Without altering anything, repeat each of the records.

╭─ Records to process

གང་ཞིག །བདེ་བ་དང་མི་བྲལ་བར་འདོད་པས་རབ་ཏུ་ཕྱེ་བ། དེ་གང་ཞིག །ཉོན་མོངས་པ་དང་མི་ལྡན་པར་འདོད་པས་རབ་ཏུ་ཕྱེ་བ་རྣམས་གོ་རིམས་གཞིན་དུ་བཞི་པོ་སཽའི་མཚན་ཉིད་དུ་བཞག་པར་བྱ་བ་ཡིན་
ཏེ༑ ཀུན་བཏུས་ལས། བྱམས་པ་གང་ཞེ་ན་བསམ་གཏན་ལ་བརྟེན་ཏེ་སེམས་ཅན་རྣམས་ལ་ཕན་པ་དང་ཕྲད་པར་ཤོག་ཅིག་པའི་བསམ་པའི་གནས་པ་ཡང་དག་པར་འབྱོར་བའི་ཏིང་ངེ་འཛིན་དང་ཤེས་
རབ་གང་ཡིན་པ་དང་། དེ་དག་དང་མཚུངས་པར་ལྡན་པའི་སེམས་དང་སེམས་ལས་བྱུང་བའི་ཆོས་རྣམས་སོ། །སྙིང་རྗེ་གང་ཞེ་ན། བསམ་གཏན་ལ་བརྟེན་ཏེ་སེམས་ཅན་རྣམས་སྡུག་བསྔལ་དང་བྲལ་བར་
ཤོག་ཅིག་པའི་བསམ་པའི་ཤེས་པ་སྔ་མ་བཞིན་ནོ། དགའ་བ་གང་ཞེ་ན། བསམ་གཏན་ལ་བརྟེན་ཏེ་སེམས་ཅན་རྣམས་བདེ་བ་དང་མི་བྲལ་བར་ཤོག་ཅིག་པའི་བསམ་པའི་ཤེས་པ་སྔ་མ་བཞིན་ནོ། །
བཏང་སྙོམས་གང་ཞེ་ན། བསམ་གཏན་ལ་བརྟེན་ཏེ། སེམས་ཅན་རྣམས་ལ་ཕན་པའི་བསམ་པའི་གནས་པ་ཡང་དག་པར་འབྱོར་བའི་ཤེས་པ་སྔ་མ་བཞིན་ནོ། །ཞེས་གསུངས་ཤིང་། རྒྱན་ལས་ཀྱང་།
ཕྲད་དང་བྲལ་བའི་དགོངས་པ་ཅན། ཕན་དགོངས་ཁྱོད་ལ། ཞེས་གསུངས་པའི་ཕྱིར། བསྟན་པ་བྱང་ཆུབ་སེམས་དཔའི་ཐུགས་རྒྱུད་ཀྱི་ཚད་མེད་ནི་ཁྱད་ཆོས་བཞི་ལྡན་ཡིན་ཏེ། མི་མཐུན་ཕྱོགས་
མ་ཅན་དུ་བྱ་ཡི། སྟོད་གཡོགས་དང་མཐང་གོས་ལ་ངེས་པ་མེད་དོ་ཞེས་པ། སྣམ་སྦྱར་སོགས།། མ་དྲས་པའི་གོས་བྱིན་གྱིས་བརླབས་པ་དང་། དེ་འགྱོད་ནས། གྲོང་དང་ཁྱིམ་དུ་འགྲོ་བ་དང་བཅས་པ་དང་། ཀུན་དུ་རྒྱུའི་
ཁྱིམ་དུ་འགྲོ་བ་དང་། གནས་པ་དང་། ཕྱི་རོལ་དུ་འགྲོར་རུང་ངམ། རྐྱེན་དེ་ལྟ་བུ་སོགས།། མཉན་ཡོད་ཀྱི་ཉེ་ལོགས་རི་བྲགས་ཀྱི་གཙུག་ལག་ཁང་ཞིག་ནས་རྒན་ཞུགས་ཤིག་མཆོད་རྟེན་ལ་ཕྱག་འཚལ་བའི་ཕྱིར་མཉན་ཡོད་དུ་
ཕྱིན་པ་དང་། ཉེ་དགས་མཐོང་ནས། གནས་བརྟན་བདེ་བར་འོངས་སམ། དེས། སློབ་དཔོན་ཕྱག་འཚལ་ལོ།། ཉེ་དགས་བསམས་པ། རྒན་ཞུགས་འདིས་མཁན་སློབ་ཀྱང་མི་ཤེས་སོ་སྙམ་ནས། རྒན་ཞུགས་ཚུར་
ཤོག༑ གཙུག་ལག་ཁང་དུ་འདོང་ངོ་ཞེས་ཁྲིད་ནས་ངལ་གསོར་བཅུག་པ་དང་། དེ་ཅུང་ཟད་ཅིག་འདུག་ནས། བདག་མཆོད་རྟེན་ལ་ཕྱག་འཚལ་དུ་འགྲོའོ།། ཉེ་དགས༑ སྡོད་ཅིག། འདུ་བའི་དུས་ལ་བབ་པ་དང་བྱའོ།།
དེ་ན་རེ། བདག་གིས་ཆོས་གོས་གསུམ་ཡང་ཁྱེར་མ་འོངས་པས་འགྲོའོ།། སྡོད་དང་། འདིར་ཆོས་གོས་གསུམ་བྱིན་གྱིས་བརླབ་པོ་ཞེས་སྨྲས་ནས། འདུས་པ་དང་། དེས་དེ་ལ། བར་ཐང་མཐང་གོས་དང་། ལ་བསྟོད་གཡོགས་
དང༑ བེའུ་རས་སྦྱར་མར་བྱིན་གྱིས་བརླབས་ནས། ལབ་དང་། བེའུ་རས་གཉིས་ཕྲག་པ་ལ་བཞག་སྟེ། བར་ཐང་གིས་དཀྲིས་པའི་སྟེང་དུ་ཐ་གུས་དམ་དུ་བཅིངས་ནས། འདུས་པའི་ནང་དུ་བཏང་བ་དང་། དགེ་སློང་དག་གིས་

╰─

▸ Result:
གང་ཞིག །བདེ་བ་དང་མི་བྲལ་བར་འདོད་པས་རབ་ཏུ་ཕྱེ་བ། དེ་གང་ཞིག །ཉོན་མོངས་པ་དང་མི་ལྡན་པར་འདོད་པས་རབ་ཏུ་ཕྱེ་བ་རྣམས་གོ་རིམས་གཞིན་དུ་བཞི་པོ་སཽའི་མཚན་ཉིད་དུ་བཞག་པར་བྱ་བ་ཡིན་
ཏེ༑ ཀུན་བཏུས་ལས། བྱམས་པ་གང་ཞེ་ན་བསམ་གཏན་ལ་བརྟེན་ཏེ་སེམས་ཅན་རྣམས་ལ་ཕན་པ་དང་ཕྲད་པར་ཤོག་ཅིག་པའི་བསམ་པའི་གནས་པ་ཡང་དག་པར་འབྱོར་བའི་ཏིང་ངེ་འཛིན་དང་ཤེས་
རབ་གང་ཡིན་པ་དང་། དེ་དག་དང་མཚུངས་པར་ལྡན་པའི་སེམས་དང་སེམས་ལས་བྱུང་བའི་ཆོས་རྣམས་སོ། །སྙིང་རྗེ་གང་ཞེ་ན། བསམ་གཏན་ལ་བརྟེན་ཏེ་སེམས་ཅན་རྣམས་སྡུག་བསྔལ་དང་བྲལ་བར་
ཤོག་ཅིག་པའི་བསམ་པའི་ཤེས་པ་སྔ་མ་བཞིན་ནོ། དགའ་བ་གང་ཞེ་ན། བསམ་གཏན་ལ་བརྟེན་ཏེ་སེམས་ཅན་རྣམས་བདེ་བ་དང་མི་བྲལ་བར་ཤོག་ཅིག་པའི་བསམ་པའི་ཤེས་པ་སྔ་མ་བཞིན་ནོ། །
བཏང་སྙོམས་གང་ཞེ་ན། བསམ་གཏན་ལ་བརྟེན་ཏེ། སེམས་ཅན་རྣམས་ལ་ཕན་པའི་བསམ་པའི་གནས་པ་ཡང་དག་པར་འབྱོར་བའི་ཤེས་པ་སྔ་མ་བཞིན་ནོ། །ཞེས་གསུངས་ཤིང་། རྒྱན་ལས་ཀྱང་།
ཕྲད་དང་བྲལ་བའི་དགོངས་པ་ཅན། ཕན་དགོངས་ཁྱོད་ལ། ཞེས་གསུངས་པའི་ཕྱིར། བསྟན་པ་བྱང་ཆུབ་སེམས་དཔའི་ཐུགས་རྒྱུད་ཀྱི་ཚད་མེད་ནི་ཁྱད་ཆོས་བཞི་ལྡན་ཡིན་ཏེ། མི་མཐུན་ཕྱོགས་
མ་ཅན་དུ་བྱ་ཡི། སྟོད་གཡོགས་དང་མཐང་གོས་ལ་ངེས་པ་མེད་དོ་ཞེས་པ། སྣམ་སྦྱར་སོགས།། མ་དྲས་པའི་གོས་བྱིན་གྱིས་བརླབས་པ་དང་། དེ་འགྱོད་ནས། གྲོང་དང་ཁྱིམ་དུ་འགྲོ་བ་དང་བཅས་པ་དང་། ཀུན་དུ་རྒྱུའི་
ཁྱིམ་དུ་འགྲོ་བ་དང་། གནས་པ་དང་། ཕྱི་རོལ་དུ་འགྲོར་རུང་ངམ། རྐྱེན་དེ་ལྟ་བུ་སོགས།། མཉན་ཡོད་ཀྱི་ཉེ་ལོགས་རི་བྲགས་ཀྱི་གཙུག་ལག་ཁང་ཞིག་ནས་རྒན་ཞུགས་ཤིག་མཆོད་རྟེན་ལ་ཕྱག་འཚལ་བའི་ཕྱིར་མཉན་ཡོད་དུ་
ཕྱིན་པ་དང་། ཉེ་དགས་མཐོང་ནས། གནས་བརྟན་བདེ་བར་འོངས་སམ། དེས། སློབ་དཔོན་ཕྱག་འཚལ་ལོ།། ཉེ་དགས་བསམས་པ། རྒན་ཞུགས་འདིས་མཁན་སློབ་ཀྱང་མི་ཤེས་སོ་སྙམ་ནས། རྒན་ཞུགས་ཚུར་
ཤོག༑ གཙུག་ལག་ཁང་དུ་འདོང་ངོ་ཞེས་ཁྲིད་ནས་ངལ་གསོར་བཅུག་པ་དང་། དེ་ཅུང་ཟད་ཅིག་འདུག་ནས། བདག་མཆོད་རྟེན་ལ་ཕྱག་འཚལ་དུ་འགྲོའོ།། ཉེ་དགས༑ སྡོད་ཅིག། འདུ་བའི་དུས་ལ་བབ་པ་དང་བྱའོ།།
དེ་ན་རེ། བདག་གིས་ཆོས་གོས་གསུམ་ཡང་ཁྱེར་མ་འོངས་པས་འགྲོའོ།། སྡོད་དང་། འདིར་ཆོས་གོས་གསུམ་བྱིན་གྱིས་བརླབ་པོ་ཞེས་སྨྲས་ནས། འདུས་པ་དང་། དེས་དེ་ལ། བར་ཐང་མཐང་གོས་དང་། ལ་བསྟོད་གཡོགས་
དང༑ བེའུ་རས་སྦྱར་མར་བྱིན་གྱིས་བརླབས་ནས། ལབ་དང་། བེའུ་རས་གཉིས་ཕྲག་པ་ལ་བཞག་སྟེ། བར་ཐང་གིས་དཀྲིས་པའི་སྟེང་དུ་ཐ་གུས་དམ་དུ་བཅིངས་ནས། འདུས་པའི་ནང་དུ་བཏང་བ་དང་། དགེ་སློང་དག་གིས་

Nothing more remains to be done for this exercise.